WASHINGTON — WikiLeaks founder Julian Assange said Sunday that Edward Snowden made sure that the information he took about U.S. surveillance programs would continue to be published regardless of what happened to the former U.S. spy agency contractor.

Assange criticized the United States for revoking Snowden's passport and said it would not stop the classified information taken by the 30-year-old fugitive from getting out.

"Look, there is no stopping the publishing process at this stage," Assange said in an interview with ABC's "This Week" television show. "Great care has been taken to make sure that Mr. Snowden can't be pressured by any state to stop the publication process."
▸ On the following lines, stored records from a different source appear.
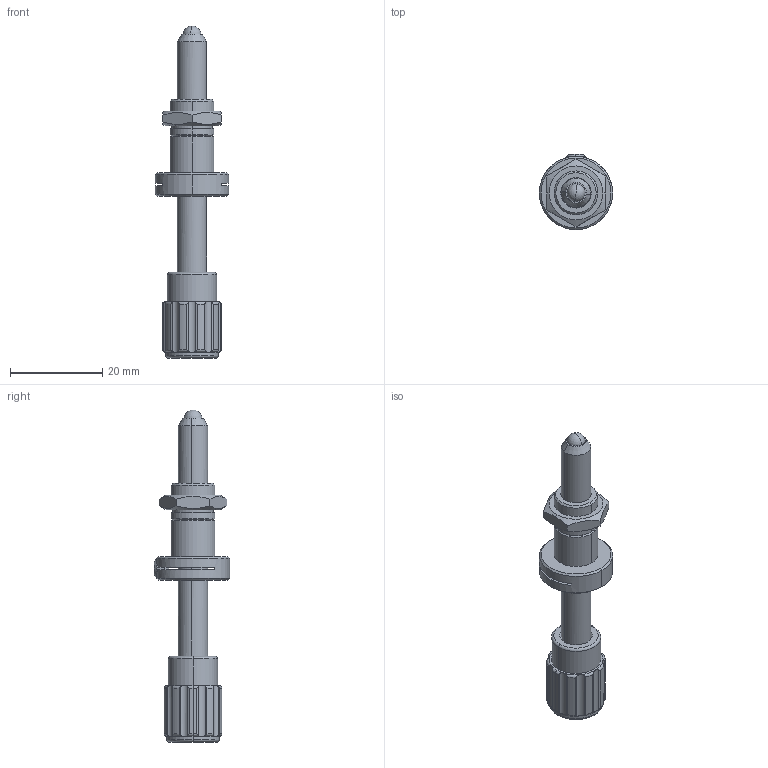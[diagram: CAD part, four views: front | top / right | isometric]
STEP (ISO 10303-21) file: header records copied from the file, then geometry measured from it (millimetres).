
FILE_DESCRIPTION((''),'2;1');
FILE_NAME('AJS100-1','2022-05-10T22:15:44',('Administrator'),(''),'CREO PARAMETRIC BY PTC INC, 2019030','CREO PARAMETRIC BY PTC INC, 2019030','');
FILE_SCHEMA(('AUTOMOTIVE_DESIGN { 1 0 10303 214 1 1 1 1 }'));
Length unit declared in the file: inch
Products named in the file (1): AJS100-1
Bounding box: 15.88 x 16.32 x 71.89 mm (x, y, z)
Volume: 4816.3 mm3; surface area: 3754.1 mm2
Topology: 1 solids, 3 shells, 226 faces, 609 edges, 385 vertices
Faces by surface type: cylinder 81, plane 58, cone 57, torus 26, sphere 4
Entity records: 9488 total; most frequent: CARTESIAN_POINT 1993, ORIENTED_EDGE 1194, DIRECTION 1141, PRESENTATION_STYLE_ASSIGNMENT 598, STYLED_ITEM 598, CURVE_STYLE 597, EDGE_CURVE 597, AXIS2_PLACEMENT_3D 466
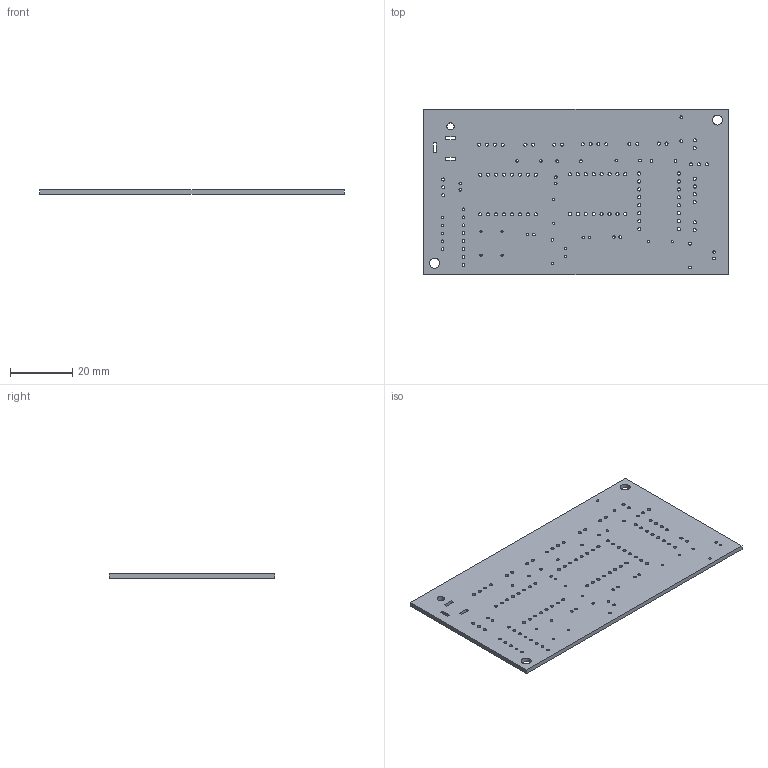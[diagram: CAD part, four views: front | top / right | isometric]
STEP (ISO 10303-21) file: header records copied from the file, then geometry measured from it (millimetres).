
FILE_DESCRIPTION(('Open CASCADE Model'),'2;1');
FILE_NAME('Open CASCADE Shape Model','2020-10-15T00:06:16',('Author'),( 'Open CASCADE'),'Open CASCADE STEP processor 6.8','Open CASCADE 6.8' ,'Unknown');
FILE_SCHEMA(('AUTOMOTIVE_DESIGN { 1 0 10303 214 1 1 1 1 }'));
Length unit declared in the file: millimetre
Products named in the file (3): PCB; Board; Open CASCADE STEP translator 6.8 2.1.1
Assembly tree (2 placements, depth 3):
  PCB
    Board
      Open CASCADE STEP translator 6.8 2.1.1
Bounding box: 97.41 x 52.96 x 1.42 mm (x, y, z)
Volume: 7155.7 mm3; surface area: 11115.3 mm2
Topology: 1 solids, 1 shells, 148 faces, 438 edges, 292 vertices
Faces by surface type: cylinder 130, plane 18
Full cylindrical faces by diameter (mm): 0.7 x8, 0.85 x14, 0.86 x12, 0.89 x8, 0.9 x7, 1 x30, 1.02 x48, 2.3 x1, 3.2 x2
Entity records: 5691 total; most frequent: DIRECTION 1000, CARTESIAN_POINT 881, ORIENTED_EDGE 876, EDGE_CURVE 438, FACE_BOUND 414, EDGE_LOOP 414, AXIS2_PLACEMENT_3D 411, VERTEX_POINT 292

He did not directly respond when asked if WikiLeaks was in possession of the files.

Last week, Glenn Greenwald, the Guardian journalist who first published the classified information released by Snowden, said Snowden had made encrypted copies of his files and distributed them in case anything happened to him.

Greenwald told The Daily Beast that the people in possession of those files "cannot access them yet because they are highly encrypted and they do not have the passwords." But Greenwald said "if anything happens at all to Edward Snowden, he told me he has arranged for them to get access to the full archives."
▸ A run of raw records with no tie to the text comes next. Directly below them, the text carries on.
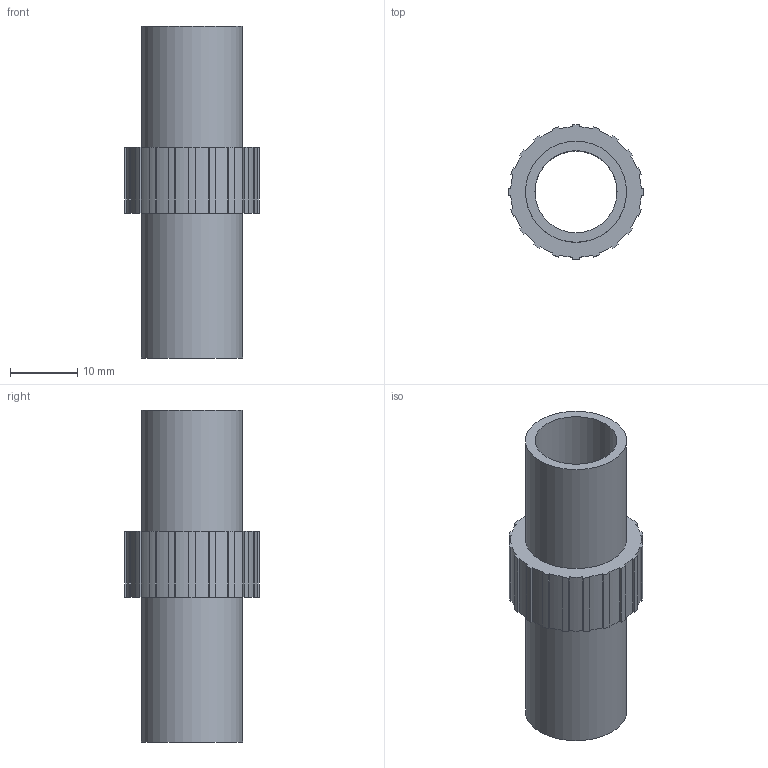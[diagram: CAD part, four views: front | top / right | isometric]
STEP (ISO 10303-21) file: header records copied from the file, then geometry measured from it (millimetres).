
FILE_DESCRIPTION(/* description */ (''),/* implementation_level */ '2;1');
FILE_NAME(/* name */ '15M15M.step',/* time_stamp */ '2020-04-02T13:31:04+03:00',/* author */ (''),/* organization */ (''),/* preprocessor_version */ 'ST-DEVELOPER v18',/* originating_system */ 'Autodesk Translation Framework v8.12.0.6',/* authorisation */ '');
FILE_SCHEMA (('AUTOMOTIVE_DESIGN { 1 0 10303 214 3 1 1 }'));
Length unit declared in the file: millimetre
Products named in the file (1): hosecoupling2
Bounding box: 20 x 20 x 49.3 mm (x, y, z)
Volume: 4172.8 mm3; surface area: 4835.4 mm2
Topology: 1 solids, 1 shells, 87 faces, 249 edges, 166 vertices
Faces by surface type: plane 44, cylinder 43
Full cylindrical faces by diameter (mm): 12.2 x1, 15 x2
Entity records: 2913 total; most frequent: DIRECTION 511, CARTESIAN_POINT 503, ORIENTED_EDGE 498, EDGE_CURVE 249, AXIS2_PLACEMENT_3D 174, VERTEX_POINT 166, LINE 163, VECTOR 163

The U.S. government has charged Snowden under the 1917 Espionage Act with theft and passing classified communications to an "unauthorized person."

Snowden is currently stuck in legal limbo in a transit area of Moscow's Sheremetyevo Airport. Assange has said that Snowden, who has sought legal advice from WikiLeaks, has requested asylum in Ecuador.

Assange sought asylum from Ecuador last year and is living in Ecuador's London embassy to avoid being extradited to Sweden, which wants to question him about allegations of sexual assault and rape.

Assange said the United States had "marooned" Snowden in Russia by revoking his passport.

"Is that really a great outcome by the State Department?" Assange asked, saying that Washington had put Snowden through a "meat grinder" although "Mr. Snowden has not been convicted of anything."

In a separate interview, President Barack Obama's national security adviser, Tom Donilon, said that since Snowden was not traveling on valid papers, he should be returned to the United States "because he's wanted here for a crime."

Donilon said Washington had been in discussions with the Russian government through law enforcement channels on a regular basis about Snowden.

"And I have to agree with President [Vladimir] Putin, which — when he said the other day that it would be better for Mr. Snowden to decide where — when he's leaving … sooner rather than later," Donilon said on CNN's "Fareed Zakaria GPS." "We agree with that — that the sooner that this can be resolved, the better."